Germantown, Maryland to Peoria, Illinois: The Appalachian Warm-Up on Our Overlanding USA Canada Road Trip
We rolled our Ford SVT Raptor, which we affectionately call "Storm Trooper," out of Germantown at an hour so early even the birds were still hitting snooze. The truck was packed tighter than a clown car with snacks, actual paper maps (yes, we're those people), and enough playlists to get us to the moon and back. Our target for day one? Peoria, Illinois - the unofficial halfway point to South Dakota and home to more Caterpillar Inc. headquarters than you can shake a stick at.
The drive along I-70 and I-68 served as our scenic Appalachian appetizer. Winding through Cumberland, Maryland and Morgantown, West Virginia, these roads were carved through mountains older than dinosaurs. The Allegheny Mountains here are so ancient they make the Rockies look like overachieving teenagers. Deep Creek Lake along the way isn't just pretty - it's Maryland's largest freshwater lake and a sneaky great spot for smallmouth bass that most tourists blow right past.
West Virginia's stretch through the Allegheny Plateau is where the landscape gets serious about being rugged. Cheat Lake, that massive reservoir you'll spot, was created by a dam built in the 1920s that flooded the old mining town of Cardington. Talk about sleeping with the fishes. Coopers Rock State Forest is named for a fugitive cooper (barrel maker) who hid there in the late 1700s - proving America has always been good at hideouts.
The John & Annie Glenn Museum: Space Cadets and Small-Town Roots
We pulled into New Concord, Ohio, population roughly 2,500, which somehow managed to produce one of America's most iconic astronauts. The John & Annie Glenn Museum sits in Glenn's actual childhood home, which feels about as likely as finding a spaceship in your grandma's garage.

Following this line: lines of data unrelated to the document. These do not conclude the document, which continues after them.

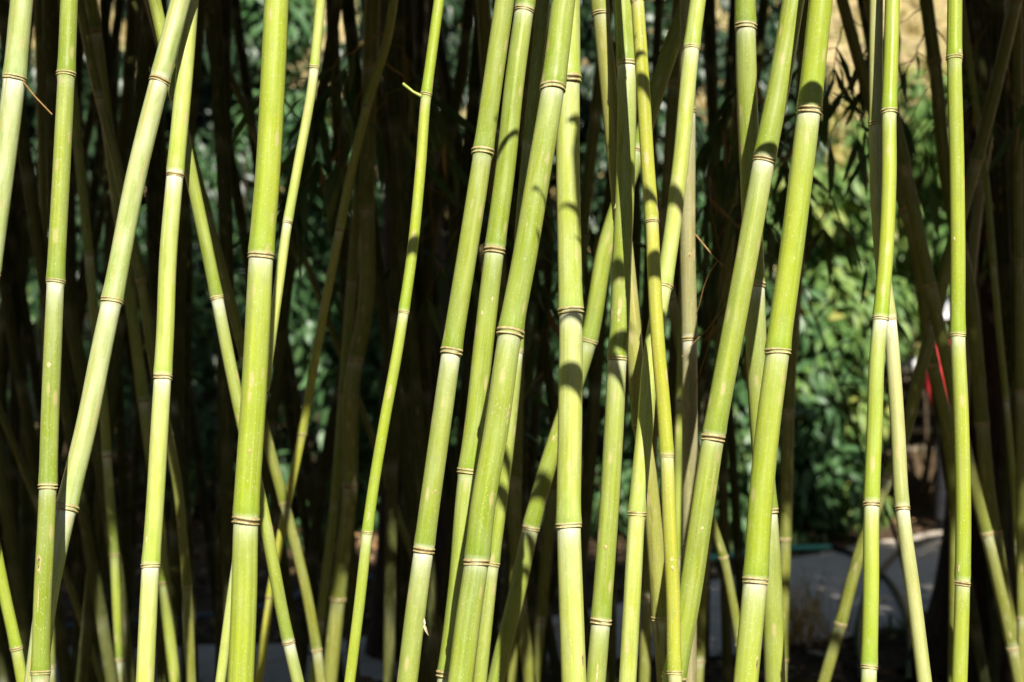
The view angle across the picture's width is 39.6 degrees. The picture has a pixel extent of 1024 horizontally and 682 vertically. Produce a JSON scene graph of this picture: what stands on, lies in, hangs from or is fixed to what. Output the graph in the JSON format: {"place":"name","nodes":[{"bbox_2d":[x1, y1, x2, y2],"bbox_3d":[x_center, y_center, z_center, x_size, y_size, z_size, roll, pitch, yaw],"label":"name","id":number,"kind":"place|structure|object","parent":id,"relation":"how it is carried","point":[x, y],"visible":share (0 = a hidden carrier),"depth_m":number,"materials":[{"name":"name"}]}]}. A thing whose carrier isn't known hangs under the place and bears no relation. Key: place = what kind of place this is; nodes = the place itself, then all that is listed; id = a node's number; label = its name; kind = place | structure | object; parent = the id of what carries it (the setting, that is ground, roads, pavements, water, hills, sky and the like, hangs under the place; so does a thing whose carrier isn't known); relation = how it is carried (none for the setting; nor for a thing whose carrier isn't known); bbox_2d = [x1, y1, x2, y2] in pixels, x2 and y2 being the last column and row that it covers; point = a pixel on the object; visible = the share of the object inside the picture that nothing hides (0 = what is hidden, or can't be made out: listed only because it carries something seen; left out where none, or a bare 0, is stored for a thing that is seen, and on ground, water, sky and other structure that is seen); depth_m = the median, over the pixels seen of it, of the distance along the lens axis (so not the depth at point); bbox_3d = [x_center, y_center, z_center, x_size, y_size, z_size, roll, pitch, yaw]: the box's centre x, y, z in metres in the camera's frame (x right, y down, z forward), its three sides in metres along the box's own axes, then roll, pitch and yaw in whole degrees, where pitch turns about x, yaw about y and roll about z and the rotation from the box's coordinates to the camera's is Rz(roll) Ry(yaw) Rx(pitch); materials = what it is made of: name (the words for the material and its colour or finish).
{"place":"outdoors","nodes":[
{"label":"outdoors","id":0,"kind":"place"},
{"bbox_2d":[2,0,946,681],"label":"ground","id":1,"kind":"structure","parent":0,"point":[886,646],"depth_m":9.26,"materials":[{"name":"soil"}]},
{"bbox_2d":[7,154,22,681],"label":"bamboo culm","id":2,"kind":"object","parent":1,"relation":"on","point":[14,469],"visible":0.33,"depth_m":4.33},
{"bbox_2d":[0,423,30,663],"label":"bamboo culm","id":3,"kind":"object","parent":1,"relation":"on","point":[12,549],"visible":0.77,"depth_m":3.62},
{"bbox_2d":[20,84,29,600],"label":"bamboo culm","id":4,"kind":"object","parent":1,"relation":"on","point":[25,525],"visible":0.21,"depth_m":5.03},
{"bbox_2d":[0,0,51,276],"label":"bamboo culm","id":5,"kind":"object","parent":1,"relation":"on","point":[15,74],"visible":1,"depth_m":2.18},
{"bbox_2d":[0,249,73,681],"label":"bamboo culm","id":6,"kind":"object","parent":1,"relation":"on","point":[25,407],"visible":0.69,"depth_m":4.25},
{"bbox_2d":[6,213,72,605],"bbox_3d":[-1.625,-0.949,4.233,0.415,4.622,0.036,-6,4,-27],"label":"bamboo culm","id":7,"kind":"object","parent":1,"relation":"on","point":[28,329],"visible":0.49,"depth_m":4.33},
{"bbox_2d":[34,0,55,681],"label":"bamboo culm","id":8,"kind":"object","parent":1,"relation":"on","point":[40,96],"visible":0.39,"depth_m":3.49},
{"bbox_2d":[29,0,77,681],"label":"bamboo culm","id":9,"kind":"object","parent":1,"relation":"on","point":[47,485],"visible":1,"depth_m":1.94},
{"bbox_2d":[0,0,117,681],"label":"bamboo culm","id":10,"kind":"object","parent":1,"relation":"on","point":[99,605],"visible":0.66,"depth_m":3.37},
{"bbox_2d":[67,144,82,681],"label":"bamboo culm","id":11,"kind":"object","parent":1,"relation":"on","point":[77,557],"visible":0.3,"depth_m":4.38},
{"bbox_2d":[30,0,124,629],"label":"bamboo culm","id":12,"kind":"object","parent":1,"relation":"on","point":[94,191],"visible":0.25,"depth_m":5.19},
{"bbox_2d":[43,0,135,681],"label":"bamboo culm","id":13,"kind":"object","parent":1,"relation":"on","point":[70,315],"visible":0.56,"depth_m":3.35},
{"bbox_2d":[58,0,127,681],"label":"bamboo culm","id":14,"kind":"object","parent":1,"relation":"on","point":[106,448],"visible":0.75,"depth_m":3.29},
{"bbox_2d":[27,49,167,373],"bbox_3d":[-3.444,-0.874,11.388,1.559,3.419,1.403,0,0,-17],"label":"shrub","id":15,"kind":"object","parent":1,"relation":"on","point":[31,117],"visible":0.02,"depth_m":11.09,"materials":[{"name":"green plant"}]},
{"bbox_2d":[24,0,190,681],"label":"bamboo culm","id":16,"kind":"object","parent":1,"relation":"on","point":[85,429],"visible":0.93,"depth_m":2.10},
{"bbox_2d":[89,0,138,681],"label":"bamboo culm","id":17,"kind":"object","parent":1,"relation":"on","point":[128,74],"visible":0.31,"depth_m":4.40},
{"bbox_2d":[76,2,152,681],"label":"bamboo culm","id":18,"kind":"object","parent":1,"relation":"on","point":[112,382],"visible":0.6,"depth_m":3.42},
{"bbox_2d":[99,0,135,676],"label":"bamboo culm","id":19,"kind":"object","parent":1,"relation":"on","point":[121,450],"visible":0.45,"depth_m":4.56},
{"bbox_2d":[86,0,180,681],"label":"bamboo culm","id":20,"kind":"object","parent":1,"relation":"on","point":[142,394],"visible":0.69,"depth_m":3.39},
{"bbox_2d":[78,0,195,681],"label":"bamboo culm","id":21,"kind":"object","parent":1,"relation":"on","point":[136,258],"visible":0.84,"depth_m":2.99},
{"bbox_2d":[129,0,167,598],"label":"bamboo culm","id":22,"kind":"object","parent":1,"relation":"on","point":[136,459],"visible":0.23,"depth_m":5.12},
{"bbox_2d":[136,0,198,681],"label":"bamboo culm","id":23,"kind":"object","parent":1,"relation":"on","point":[150,564],"visible":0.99,"depth_m":2.14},
{"bbox_2d":[77,0,261,441],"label":"shrub","id":24,"kind":"object","parent":1,"relation":"on","point":[205,105],"visible":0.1,"depth_m":10.98,"materials":[{"name":"green plant"}]},
{"bbox_2d":[146,0,198,681],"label":"bamboo culm","id":25,"kind":"object","parent":1,"relation":"on","point":[153,191],"visible":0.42,"depth_m":3.48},
{"bbox_2d":[149,75,215,620],"bbox_3d":[-1.362,-0.970,5.355,0.463,4.622,0.038,-2,0,13],"label":"bamboo culm","id":26,"kind":"object","parent":1,"relation":"on","point":[203,495],"visible":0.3,"depth_m":5.32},
{"bbox_2d":[163,0,205,681],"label":"bamboo culm","id":27,"kind":"object","parent":1,"relation":"on","point":[179,371],"visible":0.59,"depth_m":3.55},
{"bbox_2d":[181,202,192,681],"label":"bamboo culm","id":28,"kind":"object","parent":1,"relation":"on","point":[188,339],"visible":0.24,"depth_m":4.94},
{"bbox_2d":[103,136,309,520],"bbox_3d":[-2.190,-0.055,10.383,1.476,2.876,1.612,0,0,0],"label":"shrub","id":29,"kind":"object","parent":1,"relation":"on","point":[200,324],"visible":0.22,"depth_m":10.19,"materials":[{"name":"green plant"}]},
{"bbox_2d":[207,0,234,681],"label":"bamboo culm","id":30,"kind":"object","parent":1,"relation":"on","point":[221,137],"visible":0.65,"depth_m":3.37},
{"bbox_2d":[215,0,231,678],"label":"bamboo culm","id":31,"kind":"object","parent":1,"relation":"on","point":[226,6],"visible":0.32,"depth_m":3.81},
{"bbox_2d":[148,0,303,681],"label":"bamboo culm","id":32,"kind":"object","parent":1,"relation":"on","point":[216,295],"visible":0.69,"depth_m":2.29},
{"bbox_2d":[144,0,325,681],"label":"bamboo culm","id":33,"kind":"object","parent":1,"relation":"on","point":[283,500],"visible":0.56,"depth_m":2.94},
{"bbox_2d":[204,0,304,681],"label":"bamboo culm","id":34,"kind":"object","parent":1,"relation":"on","point":[239,208],"visible":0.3,"depth_m":3.95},
{"bbox_2d":[228,0,288,681],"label":"bamboo culm","id":35,"kind":"object","parent":1,"relation":"on","point":[248,473],"visible":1,"depth_m":1.89,"materials":[{"name":"plant"}]},
{"bbox_2d":[215,0,324,681],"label":"bamboo culm","id":36,"kind":"object","parent":1,"relation":"on","point":[287,224],"visible":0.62,"depth_m":2.21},
{"bbox_2d":[217,0,331,429],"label":"shrub","id":37,"kind":"object","parent":1,"relation":"on","point":[300,22],"visible":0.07,"depth_m":11.30,"materials":[{"name":"green plant"}]},
{"bbox_2d":[232,0,325,660],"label":"bamboo culm","id":38,"kind":"object","parent":1,"relation":"on","point":[304,519],"visible":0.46,"depth_m":4.50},
{"bbox_2d":[232,16,344,681],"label":"bamboo culm","id":39,"kind":"object","parent":1,"relation":"on","point":[308,474],"visible":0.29,"depth_m":4.83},
{"bbox_2d":[258,0,342,567],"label":"bamboo culm","id":40,"kind":"object","parent":1,"relation":"on","point":[283,323],"visible":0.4,"depth_m":3.61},
{"bbox_2d":[232,95,383,549],"bbox_3d":[-1.208,-0.099,9.601,1.412,3.066,1.774,0,0,0],"label":"shrub","id":41,"kind":"object","parent":1,"relation":"on","point":[301,338],"visible":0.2,"depth_m":9.25,"materials":[{"name":"green plant"}]},
{"bbox_2d":[205,5,442,639],"bbox_3d":[-0.800,-0.730,3.906,1.598,4.125,0.192,0,0,-6],"label":"bamboo culm","id":42,"kind":"object","parent":1,"relation":"on","point":[318,295],"visible":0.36,"depth_m":3.89,"materials":[{"name":"green plant"}]},
{"bbox_2d":[308,183,358,681],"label":"bamboo culm","id":43,"kind":"object","parent":1,"relation":"on","point":[335,492],"visible":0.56,"depth_m":3.69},
{"bbox_2d":[299,16,380,676],"bbox_3d":[-0.420,-0.964,4.448,0.095,4.620,0.039,6,-1,-25],"label":"bamboo culm","id":44,"kind":"object","parent":1,"relation":"on","point":[320,498],"visible":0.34,"depth_m":4.41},
{"bbox_2d":[325,0,359,681],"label":"bamboo culm","id":45,"kind":"object","parent":1,"relation":"on","point":[343,269],"visible":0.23,"depth_m":3.87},
{"bbox_2d":[228,0,489,681],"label":"bamboo culm","id":46,"kind":"object","parent":1,"relation":"on","point":[335,179],"visible":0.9,"depth_m":3.00,"materials":[{"name":"green plant"}]},
{"bbox_2d":[233,0,513,681],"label":"bamboo culm","id":47,"kind":"object","parent":1,"relation":"on","point":[365,179],"visible":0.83,"depth_m":3.39,"materials":[{"name":"green plant"}]},
{"bbox_2d":[341,0,430,681],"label":"bamboo culm","id":48,"kind":"object","parent":1,"relation":"on","point":[383,306],"visible":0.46,"depth_m":3.62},
{"bbox_2d":[344,0,443,681],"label":"bamboo culm","id":49,"kind":"object","parent":1,"relation":"on","point":[425,96],"visible":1,"depth_m":2.09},
{"bbox_2d":[383,0,404,681],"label":"bamboo culm","id":50,"kind":"object","parent":1,"relation":"on","point":[390,559],"visible":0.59,"depth_m":3.47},
{"bbox_2d":[360,0,427,681],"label":"bamboo culm","id":51,"kind":"object","parent":1,"relation":"on","point":[382,127],"visible":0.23,"depth_m":4.13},
{"bbox_2d":[303,0,491,429],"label":"shrub","id":52,"kind":"object","parent":1,"relation":"on","point":[452,18],"visible":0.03,"depth_m":10.47,"materials":[{"name":"green plant"}]},
{"bbox_2d":[365,0,447,661],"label":"shade tree","id":53,"kind":"object","parent":1,"relation":"on","point":[374,644],"visible":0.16,"depth_m":5.82,"materials":[{"name":"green plant"}]},
{"bbox_2d":[379,0,440,681],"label":"bamboo culm","id":54,"kind":"object","parent":1,"relation":"on","point":[411,334],"visible":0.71,"depth_m":3.29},
{"bbox_2d":[397,0,424,673],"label":"bamboo culm","id":55,"kind":"object","parent":1,"relation":"on","point":[419,69],"visible":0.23,"depth_m":4.36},
{"bbox_2d":[419,0,473,447],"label":"bamboo culm","id":56,"kind":"object","parent":1,"relation":"on","point":[438,197],"visible":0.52,"depth_m":4.13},
{"bbox_2d":[397,0,513,681],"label":"bamboo culm","id":57,"kind":"object","parent":1,"relation":"on","point":[451,351],"visible":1,"depth_m":2.04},
{"bbox_2d":[456,0,487,679],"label":"bamboo culm","id":58,"kind":"object","parent":1,"relation":"on","point":[474,97],"visible":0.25,"depth_m":3.62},
{"bbox_2d":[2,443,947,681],"bbox_3d":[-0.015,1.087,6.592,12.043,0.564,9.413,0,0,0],"label":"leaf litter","id":59,"kind":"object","parent":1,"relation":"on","point":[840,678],"visible":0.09,"depth_m":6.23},
{"bbox_2d":[436,0,535,681],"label":"bamboo culm","id":60,"kind":"object","parent":1,"relation":"on","point":[494,249],"visible":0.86,"depth_m":2.12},
{"bbox_2d":[426,0,560,681],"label":"bamboo culm","id":61,"kind":"object","parent":1,"relation":"on","point":[550,636],"visible":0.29,"depth_m":4.70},
{"bbox_2d":[476,0,536,681],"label":"bamboo culm","id":62,"kind":"object","parent":1,"relation":"on","point":[513,515],"visible":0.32,"depth_m":3.48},
{"bbox_2d":[373,5,645,681],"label":"shade tree","id":63,"kind":"object","parent":1,"relation":"on","point":[530,363],"visible":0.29,"depth_m":3.53,"materials":[{"name":"green plant"}]},
{"bbox_2d":[448,0,574,681],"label":"bamboo culm","id":64,"kind":"object","parent":1,"relation":"on","point":[510,332],"visible":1,"depth_m":1.94,"materials":[{"name":"plant"}]},
{"bbox_2d":[473,0,549,681],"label":"bamboo culm","id":65,"kind":"object","parent":1,"relation":"on","point":[532,104],"visible":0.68,"depth_m":2.32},
{"bbox_2d":[521,37,552,681],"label":"bamboo culm","id":66,"kind":"object","parent":1,"relation":"on","point":[534,421],"visible":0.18,"depth_m":4.84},
{"bbox_2d":[514,162,590,663],"bbox_3d":[-0.078,-0.959,3.711,0.414,4.622,0.036,-4,1,3],"label":"bamboo culm","id":67,"kind":"object","parent":1,"relation":"on","point":[548,373],"visible":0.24,"depth_m":3.71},
{"bbox_2d":[555,0,585,681],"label":"bamboo culm","id":68,"kind":"object","parent":1,"relation":"on","point":[568,518],"visible":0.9,"depth_m":2.08,"materials":[{"name":"plant"}]},
{"bbox_2d":[487,2,679,681],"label":"bamboo culm","id":69,"kind":"object","parent":1,"relation":"on","point":[537,502],"visible":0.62,"depth_m":2.51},
{"bbox_2d":[481,207,701,539],"bbox_3d":[0.516,0.231,9.809,1.631,2.327,1.693,0,0,0],"label":"shrub","id":70,"kind":"object","parent":1,"relation":"on","point":[628,446],"visible":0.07,"depth_m":9.51,"materials":[{"name":"green plant"}]},
{"bbox_2d":[581,166,611,598],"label":"bamboo culm","id":71,"kind":"object","parent":1,"relation":"on","point":[595,377],"visible":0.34,"depth_m":3.60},
{"bbox_2d":[586,0,635,681],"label":"bamboo culm","id":72,"kind":"object","parent":1,"relation":"on","point":[604,572],"visible":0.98,"depth_m":2.14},
{"bbox_2d":[530,0,706,494],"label":"shrub","id":73,"kind":"object","parent":1,"relation":"on","point":[587,45],"visible":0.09,"depth_m":10.39,"materials":[{"name":"green plant"}]},
{"bbox_2d":[606,176,641,681],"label":"bamboo culm","id":74,"kind":"object","parent":1,"relation":"on","point":[611,659],"visible":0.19,"depth_m":3.63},
{"bbox_2d":[591,0,666,681],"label":"bamboo culm","id":75,"kind":"object","parent":1,"relation":"on","point":[600,11],"visible":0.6,"depth_m":2.21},
{"bbox_2d":[630,0,682,681],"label":"bamboo culm","id":76,"kind":"object","parent":1,"relation":"on","point":[674,671],"visible":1,"depth_m":2.02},
{"bbox_2d":[638,0,679,681],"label":"bamboo culm","id":77,"kind":"object","parent":1,"relation":"on","point":[673,86],"visible":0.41,"depth_m":3.49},
{"bbox_2d":[619,0,705,681],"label":"bamboo culm","id":78,"kind":"object","parent":1,"relation":"on","point":[637,510],"visible":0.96,"depth_m":2.10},
{"bbox_2d":[636,90,739,647],"bbox_3d":[0.246,-0.730,3.100,0.711,4.122,0.025,0,0,0],"label":"bamboo culm","id":79,"kind":"object","parent":1,"relation":"on","point":[722,555],"visible":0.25,"depth_m":3.09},
{"bbox_2d":[524,0,861,681],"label":"bamboo culm","id":80,"kind":"object","parent":1,"relation":"on","point":[586,201],"visible":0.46,"depth_m":3.59,"materials":[{"name":"green plant"}]},
{"bbox_2d":[680,0,732,681],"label":"bamboo culm","id":81,"kind":"object","parent":1,"relation":"on","point":[689,338],"visible":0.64,"depth_m":2.39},
{"bbox_2d":[705,0,732,681],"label":"bamboo culm","id":82,"kind":"object","parent":1,"relation":"on","point":[722,485],"visible":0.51,"depth_m":4.16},
{"bbox_2d":[702,11,743,614],"bbox_3d":[0.720,-0.985,5.140,0.042,4.631,0.345,0,0,-44],"label":"bamboo culm","id":83,"kind":"object","parent":1,"relation":"on","point":[732,456],"visible":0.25,"depth_m":5.06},
{"bbox_2d":[661,0,804,681],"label":"bamboo culm","id":84,"kind":"object","parent":1,"relation":"on","point":[715,424],"visible":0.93,"depth_m":2.07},
{"bbox_2d":[674,178,820,576],"bbox_3d":[0.487,-0.730,2.988,0.312,4.120,0.056,0,0,6],"label":"bamboo culm","id":85,"kind":"object","parent":1,"relation":"on","point":[678,447],"visible":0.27,"depth_m":2.99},
{"bbox_2d":[734,0,784,681],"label":"bamboo culm","id":86,"kind":"object","parent":1,"relation":"on","point":[745,24],"visible":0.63,"depth_m":2.24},
{"bbox_2d":[697,0,837,282],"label":"shrub","id":87,"kind":"object","parent":1,"relation":"on","point":[772,26],"visible":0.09,"depth_m":11.29,"materials":[{"name":"green plant"}]},
{"bbox_2d":[696,74,839,681],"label":"bamboo culm","id":88,"kind":"object","parent":1,"relation":"on","point":[712,281],"visible":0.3,"depth_m":3.68,"materials":[{"name":"green plant"}]},
{"bbox_2d":[733,0,832,681],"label":"bamboo culm","id":89,"kind":"object","parent":1,"relation":"on","point":[777,353],"visible":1,"depth_m":1.99,"materials":[{"name":"plant"}]},
{"bbox_2d":[697,267,882,552],"bbox_3d":[1.702,0.482,9.242,1.446,1.887,1.251,0,0,0],"label":"shrub","id":90,"kind":"object","parent":1,"relation":"on","point":[815,478],"visible":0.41,"depth_m":9.00,"materials":[{"name":"green plant"}]},
{"bbox_2d":[672,0,910,681],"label":"bamboo culm","id":91,"kind":"object","parent":1,"relation":"on","point":[719,133],"visible":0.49,"depth_m":3.33,"materials":[{"name":"green plant"}]},
{"bbox_2d":[710,154,919,537],"bbox_3d":[2.046,-0.016,9.725,1.428,2.705,1.782,0,0,0],"label":"shrub","id":92,"kind":"object","parent":1,"relation":"on","point":[849,317],"visible":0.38,"depth_m":9.21,"materials":[{"name":"green plant"}]},
{"bbox_2d":[777,0,954,681],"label":"bamboo culm","id":93,"kind":"object","parent":1,"relation":"on","point":[849,22],"visible":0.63,"depth_m":3.29,"materials":[{"name":"green plant"}]},
{"bbox_2d":[860,0,899,681],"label":"bamboo culm","id":94,"kind":"object","parent":1,"relation":"on","point":[871,506],"visible":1,"depth_m":1.99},
{"bbox_2d":[837,69,949,508],"bbox_3d":[3.035,-0.388,10.569,1.595,3.265,1.677,0,0,-36],"label":"shrub","id":95,"kind":"object","parent":1,"relation":"on","point":[902,263],"visible":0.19,"depth_m":10.37,"materials":[{"name":"green plant"}]},
{"bbox_2d":[868,0,931,681],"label":"bamboo culm","id":96,"kind":"object","parent":1,"relation":"on","point":[905,534],"visible":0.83,"depth_m":2.03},
{"bbox_2d":[817,0,1023,681],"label":"bamboo culm","id":97,"kind":"object","parent":1,"relation":"on","point":[976,159],"visible":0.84,"depth_m":3.19,"materials":[{"name":"green plant"}]},
{"bbox_2d":[828,0,1016,677],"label":"bamboo culm","id":98,"kind":"object","parent":1,"relation":"on","point":[931,31],"visible":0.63,"depth_m":3.39,"materials":[{"name":"green plant"}]},
{"bbox_2d":[857,0,989,681],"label":"bamboo culm","id":99,"kind":"object","parent":1,"relation":"on","point":[978,649],"visible":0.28,"depth_m":3.71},
{"bbox_2d":[863,0,1023,681],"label":"bamboo culm","id":100,"kind":"object","parent":1,"relation":"on","point":[986,533],"visible":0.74,"depth_m":3.09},
{"bbox_2d":[945,0,970,681],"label":"bamboo culm","id":101,"kind":"object","parent":1,"relation":"on","point":[957,336],"visible":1,"depth_m":1.99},
{"bbox_2d":[904,0,1012,681],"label":"shade tree","id":102,"kind":"object","parent":1,"relation":"on","point":[936,620],"visible":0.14,"depth_m":5.49,"materials":[{"name":"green plant"}]},
{"bbox_2d":[916,0,1005,403],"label":"bamboo culm","id":103,"kind":"object","parent":1,"relation":"on","point":[975,223],"visible":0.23,"depth_m":3.59,"materials":[{"name":"green plant"}]},
{"bbox_2d":[962,0,1015,567],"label":"bamboo culm","id":104,"kind":"object","parent":1,"relation":"on","point":[993,267],"visible":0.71,"depth_m":3.39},
{"bbox_2d":[989,240,1011,681],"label":"bamboo culm","id":105,"kind":"object","parent":1,"relation":"on","point":[1003,505],"visible":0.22,"depth_m":4.76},
{"bbox_2d":[990,0,1012,548],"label":"bamboo culm","id":106,"kind":"object","parent":1,"relation":"on","point":[1002,220],"visible":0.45,"depth_m":3.53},
{"bbox_2d":[1011,0,1023,621],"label":"bamboo culm","id":107,"kind":"object","parent":1,"relation":"on","point":[1013,357],"visible":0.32,"depth_m":3.48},
{"bbox_2d":[1013,5,1023,673],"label":"bamboo culm","id":108,"kind":"object","parent":1,"relation":"on","point":[1018,259],"visible":0.89,"depth_m":3.29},
{"bbox_2d":[55,531,941,681],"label":"path","id":109,"kind":"structure","parent":0,"point":[837,565],"depth_m":6.98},
{"bbox_2d":[788,559,853,647],"bbox_3d":[1.237,1.125,6.223,0.480,0.367,0.541,0,0,25],"label":"dry weed","id":110,"kind":"object","parent":109,"relation":"on","point":[797,626],"visible":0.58,"depth_m":6.13,"materials":[{"name":"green plant"}]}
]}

What most people miss about Glenn's story is how close his Friendship 7 mission came to disaster. His heat shield was suspected to be loose, causing Mission Control to order him not to jettison his retrorocket package - a decision that likely saved his life. Annie Glenn, often overshadowed, battled a severe stutter for 50 years before treatment at 53, then became a powerful advocate. Theirs was a 73-year marriage that outlasted most space programs.
Leaving West Virginia's mountains behind felt like the Earth letting out a sigh. Ohio spread before us with rolling hills that gradually surrendered to farmland so flat you could watch your dog run away for three days.
Columbus buzzed by in a blur of interstate concrete. Dayton, just north of I-70, is aviation's holy ground. The Wright brothers didn't just invent flight here - they ran a bicycle shop that funded their experiments. Those bicycle mechanics eventually beat government-funded teams with budgets 100 times larger. Sometimes innovation wears grease-stained coveralls.
Driving through Ohio, we were reminded of a quirky piece of Americana from the 1973 book "The People's Almanac." It claims that in the late 1800s, a Dayton inventor named John H. Patterson, founder of National Cash Register, was so obsessed with employee health he installed hundreds of windows for light and created mandatory exercise breaks. His factory even had a "ozonator" to pump "mountain air" indoors. It was corporate wellness before it was cool, or arguably, before it was annoying.
Indianapolis gave us a quick wave from Monument Circle, where the 284-foot Soldiers and Sailors Monument has been watching over the city since 1901. It's the nation's largest memorial built for veterans of any war, which feels appropriately Midwestern - go big or go home.
At Indianapolis, we kissed I-70 goodbye and hooked northwest on I-74 toward Iowa. The landscape flattened out like God had run a steamroller across Illinois. Endless cornfields stretched to horizons so distant they seemed theoretical. Some find this monotonous. We found it hypnotic - America's agricultural heartbeat thumping along to the rhythm of Storm Trooper's tires.
Peoria greeted us with that special Midwestern brand of hospitality that makes you feel like you're coming home even when you're 700 miles from your actual home. The city sits on the Illinois River, which has been a commercial waterway since French explorers canoed it in the 1670s. These days, it's more about barges hauling grain than beaver pelts, but the river still knows how to move things.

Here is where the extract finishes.